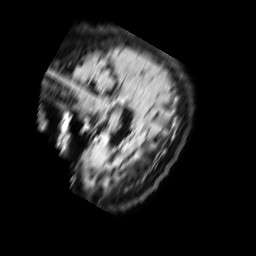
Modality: FLAIR
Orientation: sagittal
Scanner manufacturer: philips
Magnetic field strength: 1.5 T
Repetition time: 6 s
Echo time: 0.0991 s
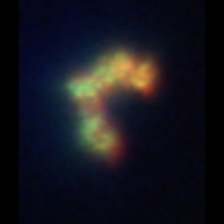
Taxon: Ciliates
Group: Other
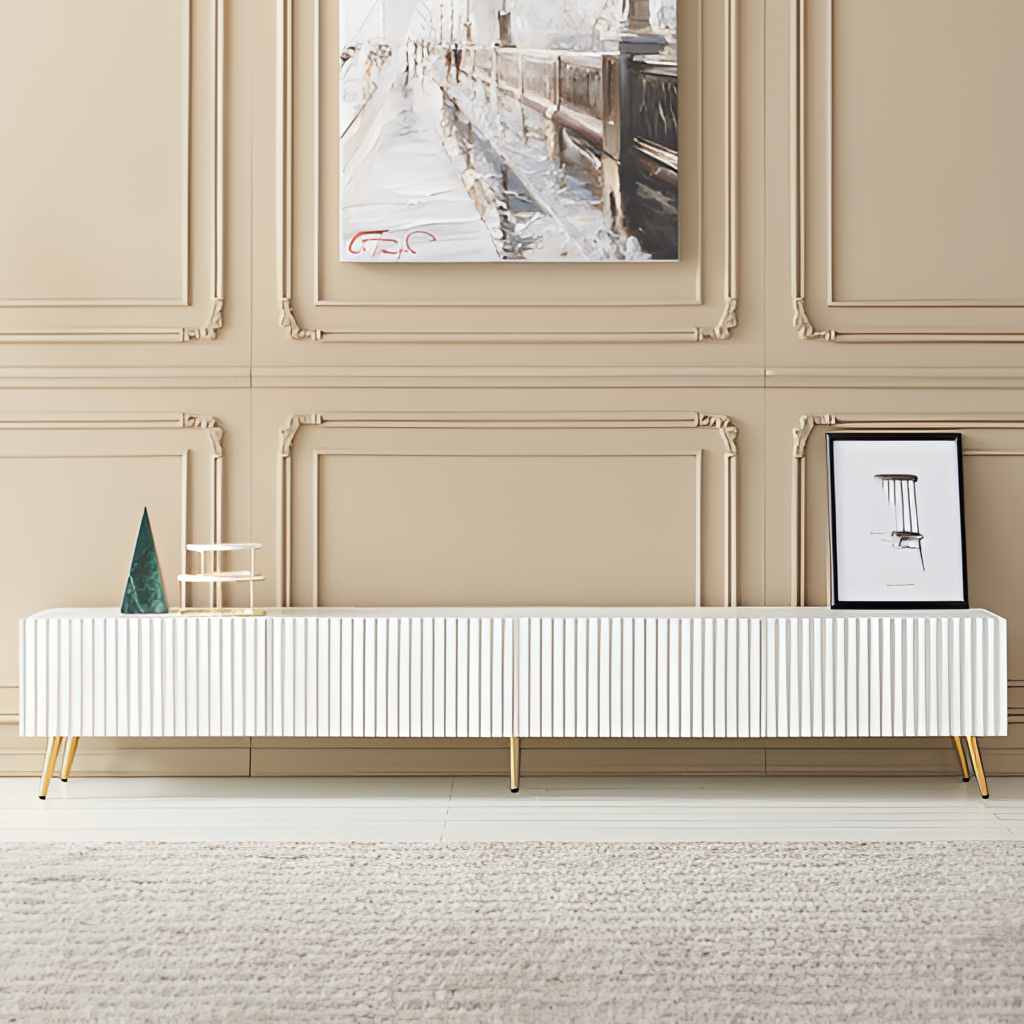
living room, wood console, carpet flooring, with textured pattern, modern, beige wood wallpaper, with solid pattern
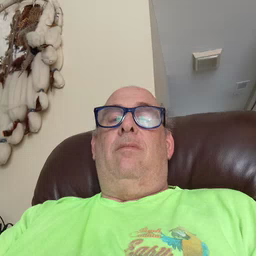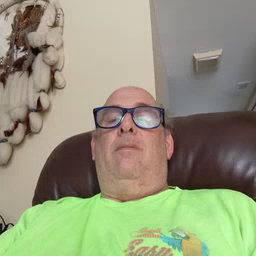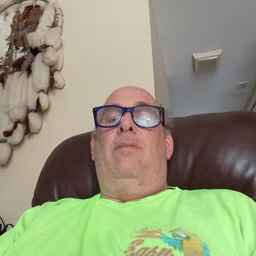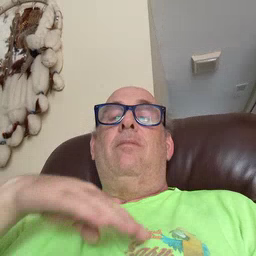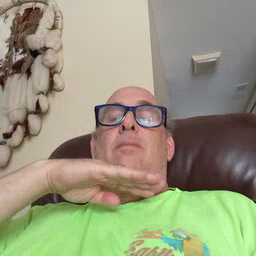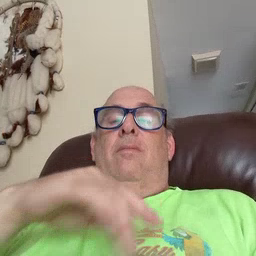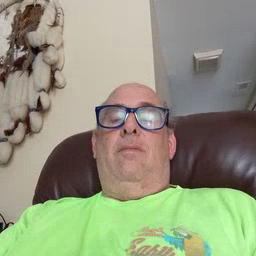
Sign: pig
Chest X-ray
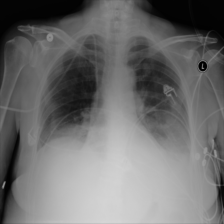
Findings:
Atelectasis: negative
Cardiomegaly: negative
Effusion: positive
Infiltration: positive
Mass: negative
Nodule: negative
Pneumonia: negative
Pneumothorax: negative
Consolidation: negative
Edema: negative
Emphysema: negative
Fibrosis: negative
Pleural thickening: negative
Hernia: negative
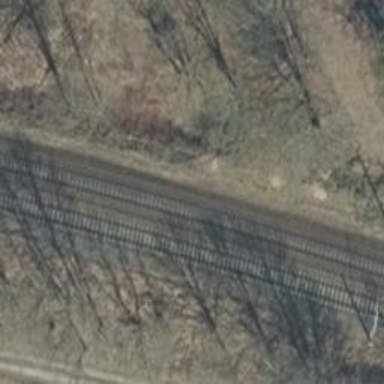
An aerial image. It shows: Railway with electrified contact lines.
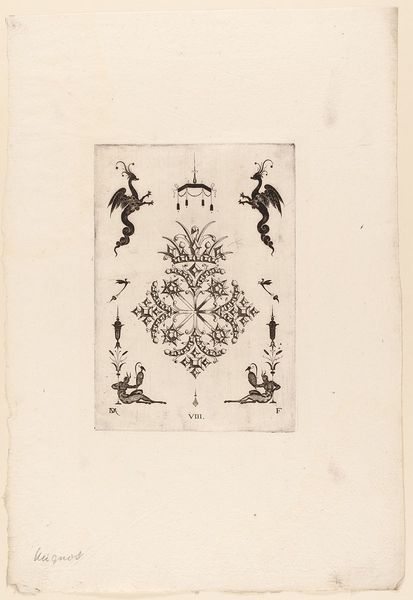
Titel: Eine Agraffe
Künstler: Daniel Mignot
Standort: Hamburg
Institution: Museum für Kunst und Gewerbe Hamburg
Schlagwörter: weiß, glas, schmuck, schwarz, muster, ornament, stein, signatur, figur, brosche, renaissance, papier, grafik, graphik, figuren, tafel, ornamente, leuchter, fotografie, photographie, spange, schnalle, glitzer, druck, druckgraphik, druckgrafik, radierung, stich, gestalten, kunstgewerbe, kristall, zahl, fabelwesen, musterbuch, vorlage, vorlagen, kupferstich, kunsthandwerk, ungeheuer, drachen, drache, monster, groteske, vorlagenbuch, papyrus, fabeltier, fabeltiere, goldschmiedearbeit, bildtafel, agraffe, druckplatte, gerippt, zwitterwesen, monstrum, kronenleuchter, viii, juwelen, reproduktionen, industriedesign, plattenrand, druckerzeugnisse, schweifwerk, büttenpapier, ornamentstich, vorlageblätter, figzur
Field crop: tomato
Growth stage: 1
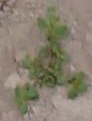
Species: portulaca
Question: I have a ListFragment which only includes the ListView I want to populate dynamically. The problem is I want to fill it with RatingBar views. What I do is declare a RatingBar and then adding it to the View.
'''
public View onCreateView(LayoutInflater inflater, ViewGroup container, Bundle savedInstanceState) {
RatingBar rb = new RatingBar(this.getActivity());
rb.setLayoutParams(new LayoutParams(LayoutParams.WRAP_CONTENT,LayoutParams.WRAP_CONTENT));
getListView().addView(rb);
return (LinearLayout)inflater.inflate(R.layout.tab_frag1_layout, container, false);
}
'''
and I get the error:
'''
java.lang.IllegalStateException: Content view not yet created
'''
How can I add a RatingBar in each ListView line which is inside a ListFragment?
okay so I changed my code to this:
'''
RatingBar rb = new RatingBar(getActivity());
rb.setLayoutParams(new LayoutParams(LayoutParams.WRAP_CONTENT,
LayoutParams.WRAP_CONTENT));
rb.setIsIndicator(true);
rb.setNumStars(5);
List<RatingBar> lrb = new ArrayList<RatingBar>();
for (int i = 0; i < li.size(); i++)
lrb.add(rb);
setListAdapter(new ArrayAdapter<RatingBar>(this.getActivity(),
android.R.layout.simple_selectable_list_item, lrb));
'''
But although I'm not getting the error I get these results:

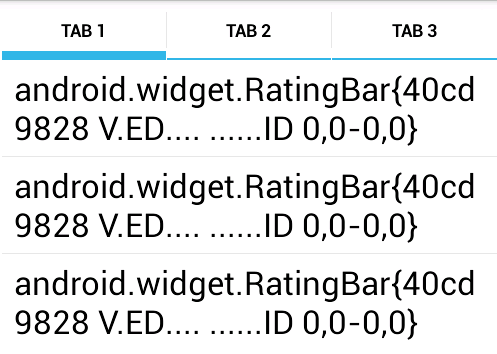
Answer: ArrayAdapter is not really convenient to display more than simple 'TextViews'. You have to create you own adapter, probably by derivating from a simple <URL>.
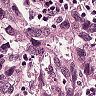
Metastatic tissue present: yes
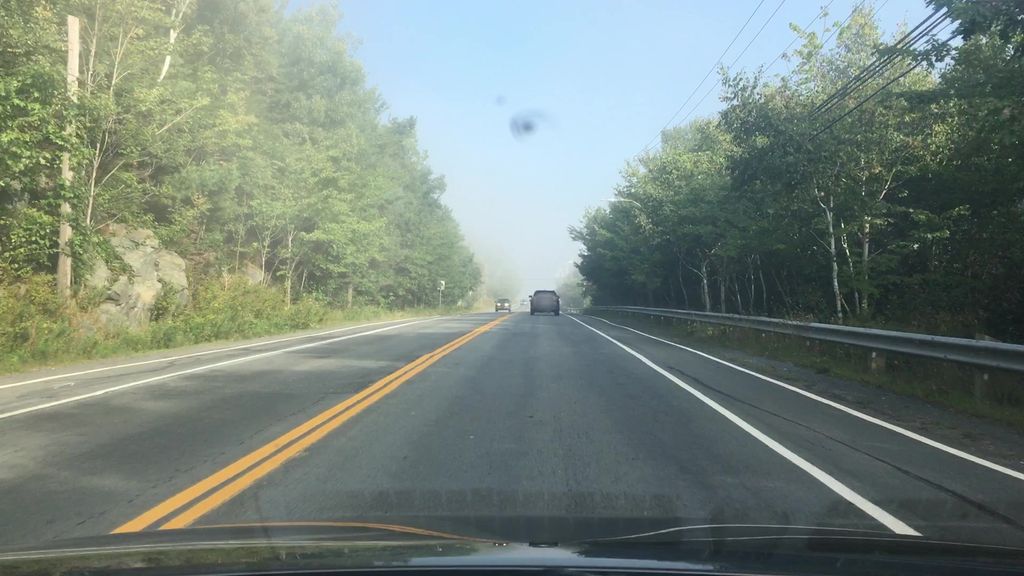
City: halifax
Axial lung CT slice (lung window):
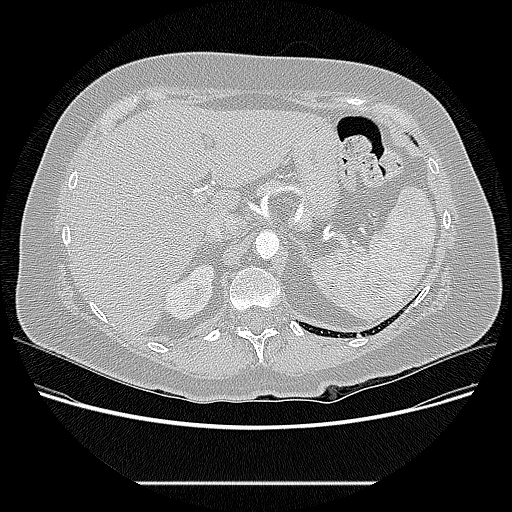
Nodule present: no
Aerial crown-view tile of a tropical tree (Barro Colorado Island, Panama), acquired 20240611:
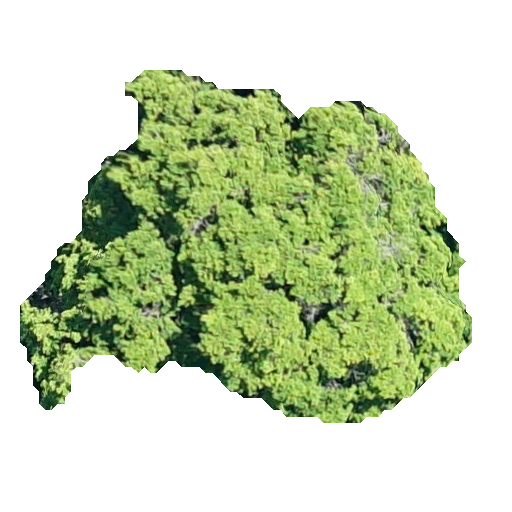
Species: Terminalia amazonia
GBIF accepted scientific name: Terminalia amazonica
Crown area: 170.197 m²
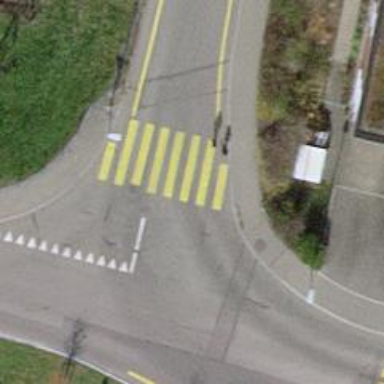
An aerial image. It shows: Marked crossing with zebra markings on the road.
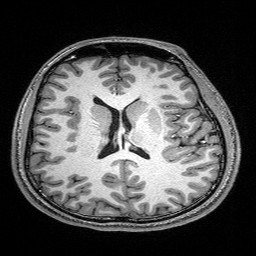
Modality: T1w
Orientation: coronal
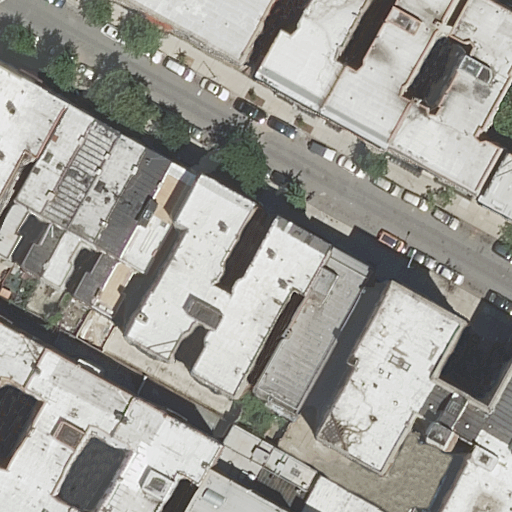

----------

▶ _Directions_:
Above are records; write out the lines from the one with "Echo time: 0.0991 s" down to the one with "Hernia: negative", exactly, leaving the pictures out.

▶ _Solution_:
Echo time: 0.0991 s
Taxon: Ciliates
Group: Other
living room, wood console, carpet flooring, with textured pattern, modern, beige wood wallpaper, with solid pattern
Sign: pig
Chest X-ray
Findings:
Atelectasis: negative
Cardiomegaly: negative
Effusion: positive
Infiltration: positive
Mass: negative
Nodule: negative
Pneumonia: negative
Pneumothorax: negative
Consolidation: negative
Edema: negative
Emphysema: negative
Fibrosis: negative
Pleural thickening: negative
Hernia: negative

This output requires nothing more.